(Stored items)
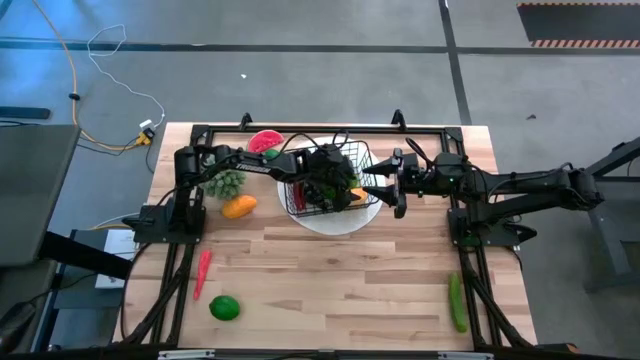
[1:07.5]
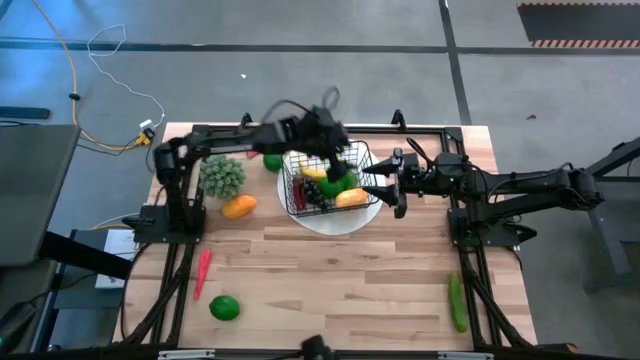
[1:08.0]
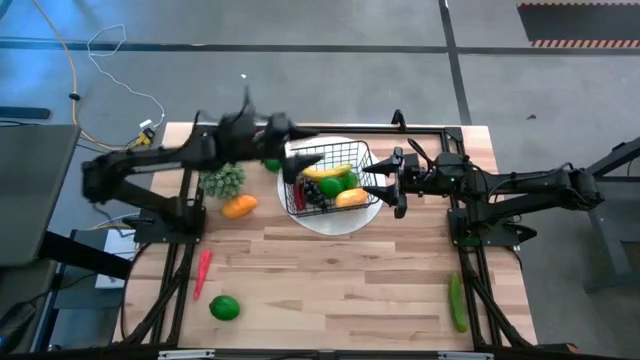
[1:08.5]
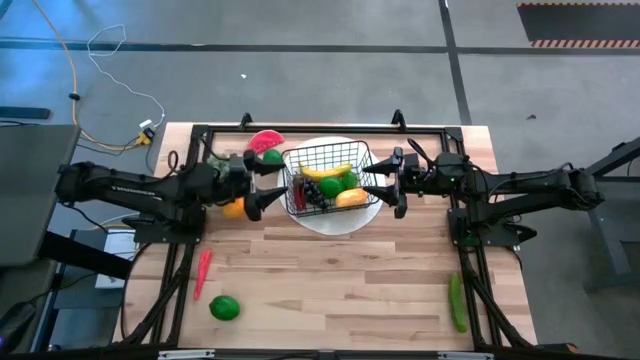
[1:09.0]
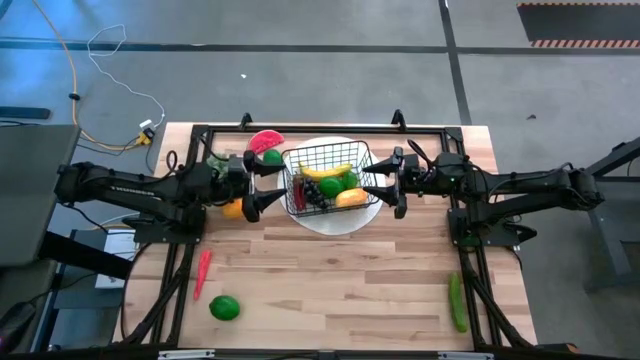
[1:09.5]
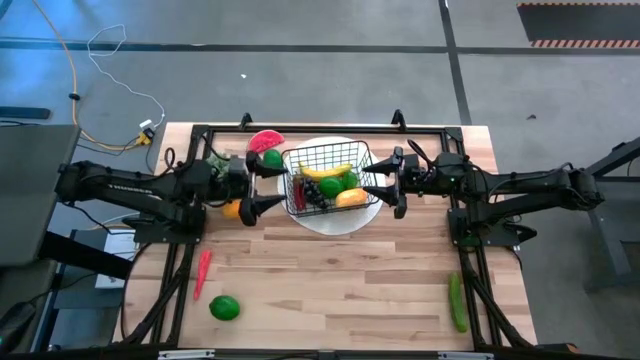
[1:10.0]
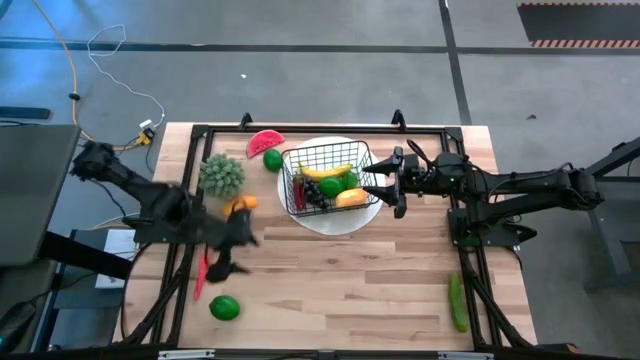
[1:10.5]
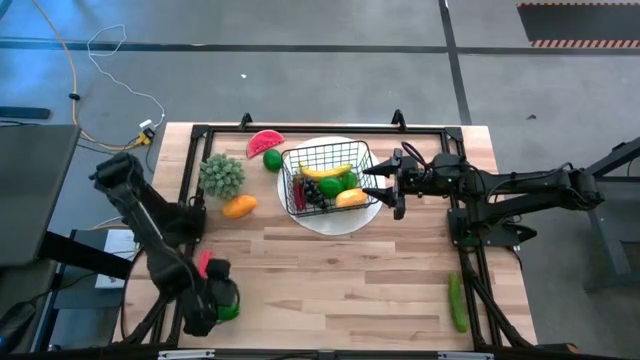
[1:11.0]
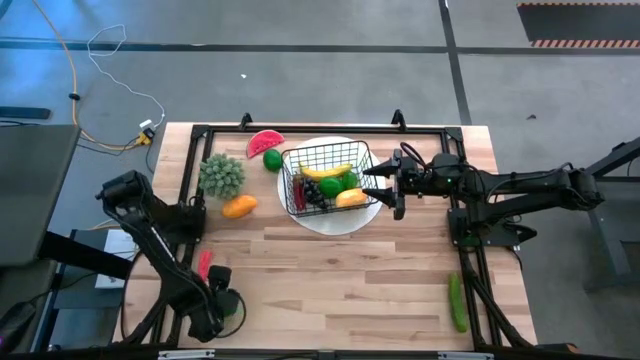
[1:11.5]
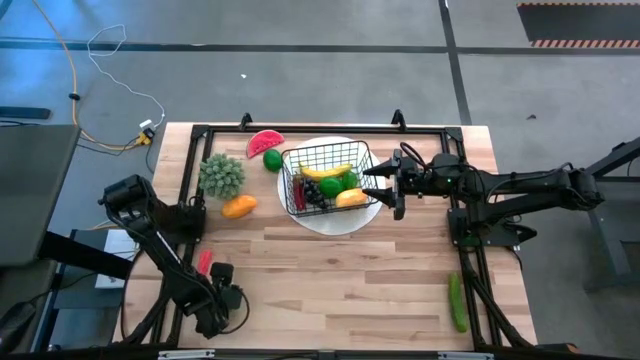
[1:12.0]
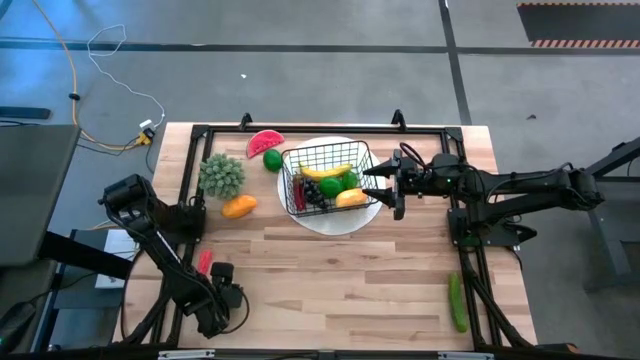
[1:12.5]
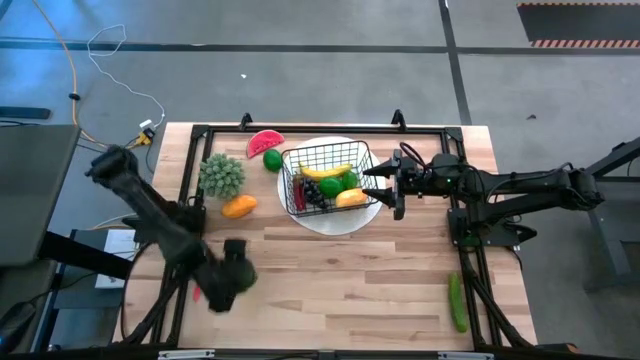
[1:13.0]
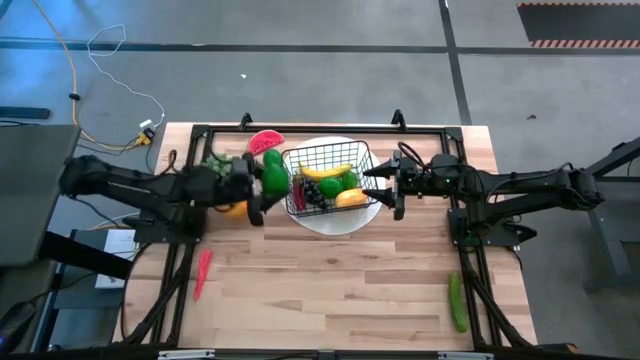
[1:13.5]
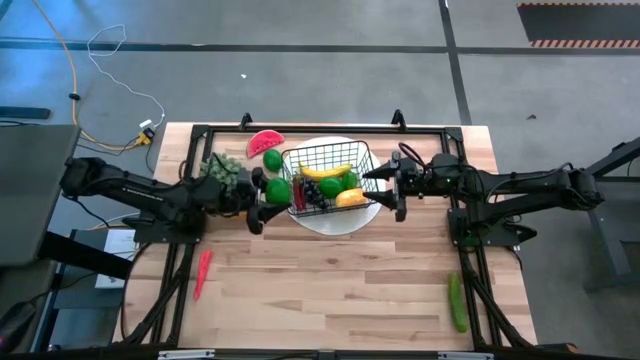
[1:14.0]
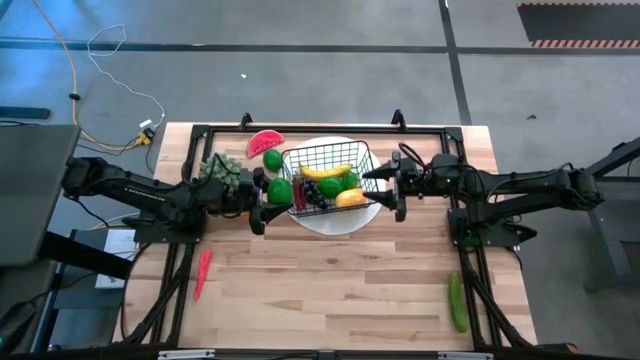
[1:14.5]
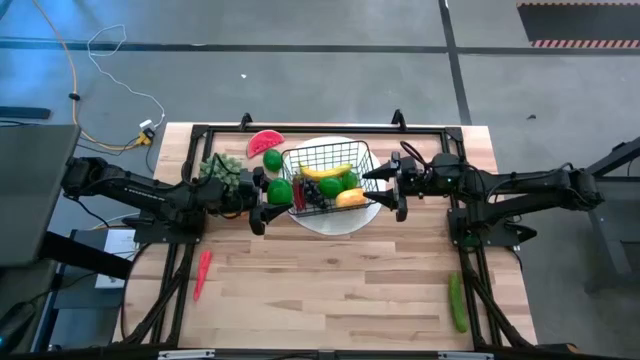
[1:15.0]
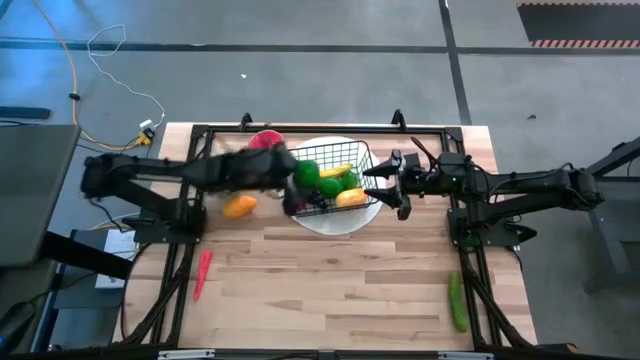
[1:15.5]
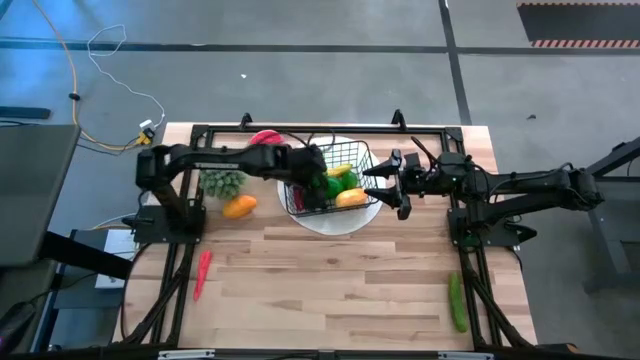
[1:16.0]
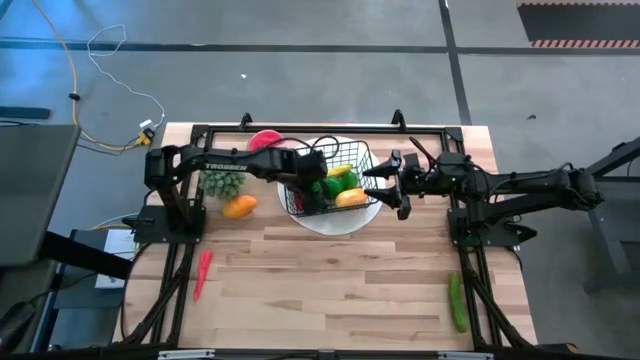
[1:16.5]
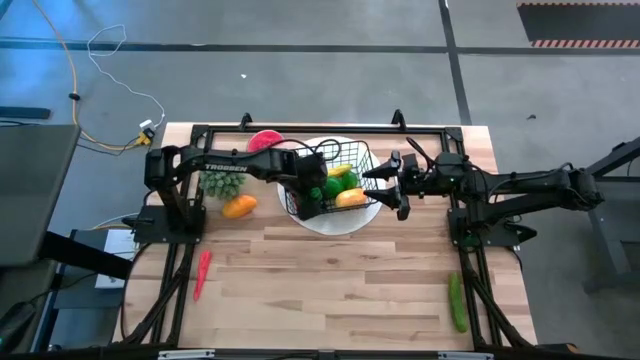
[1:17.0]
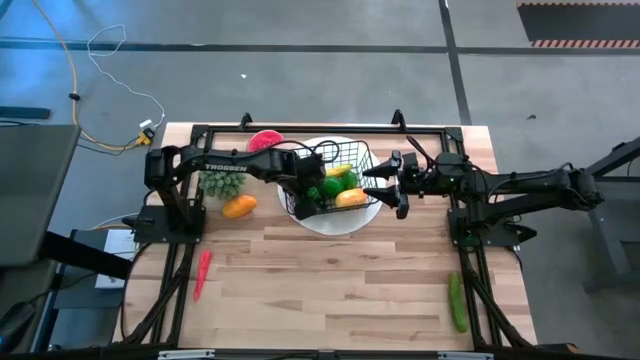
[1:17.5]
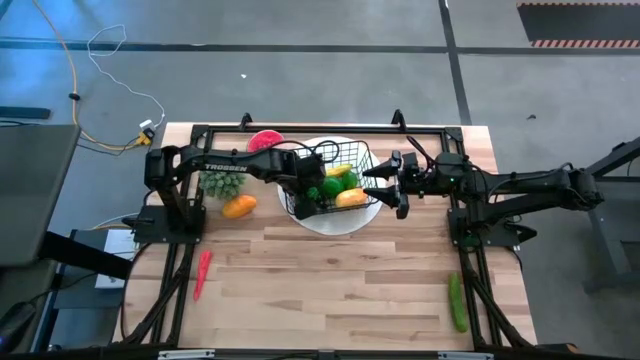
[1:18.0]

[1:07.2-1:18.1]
Task: Build produce basket
Put the green lime into the black wire basket

> **TASK**
Each entry needs to be returned verbatim, with its pictures left out.

> **ANSWER TO THE PROBLEM**
[1:07.5]
[1:08.0]
[1:08.5]
[1:09.0]
[1:09.5]
[1:10.0]
[1:10.5]
[1:11.0]
[1:11.5]
[1:12.0]
[1:12.5]
[1:13.0]
[1:13.5]
[1:14.0]
[1:14.5]
[1:15.0]
[1:15.5]
[1:16.0]
[1:16.5]
[1:17.0]
[1:17.5]
[1:18.0]

[1:07.2-1:18.1]
Task: Build produce basket
Put the green lime into the black wire basket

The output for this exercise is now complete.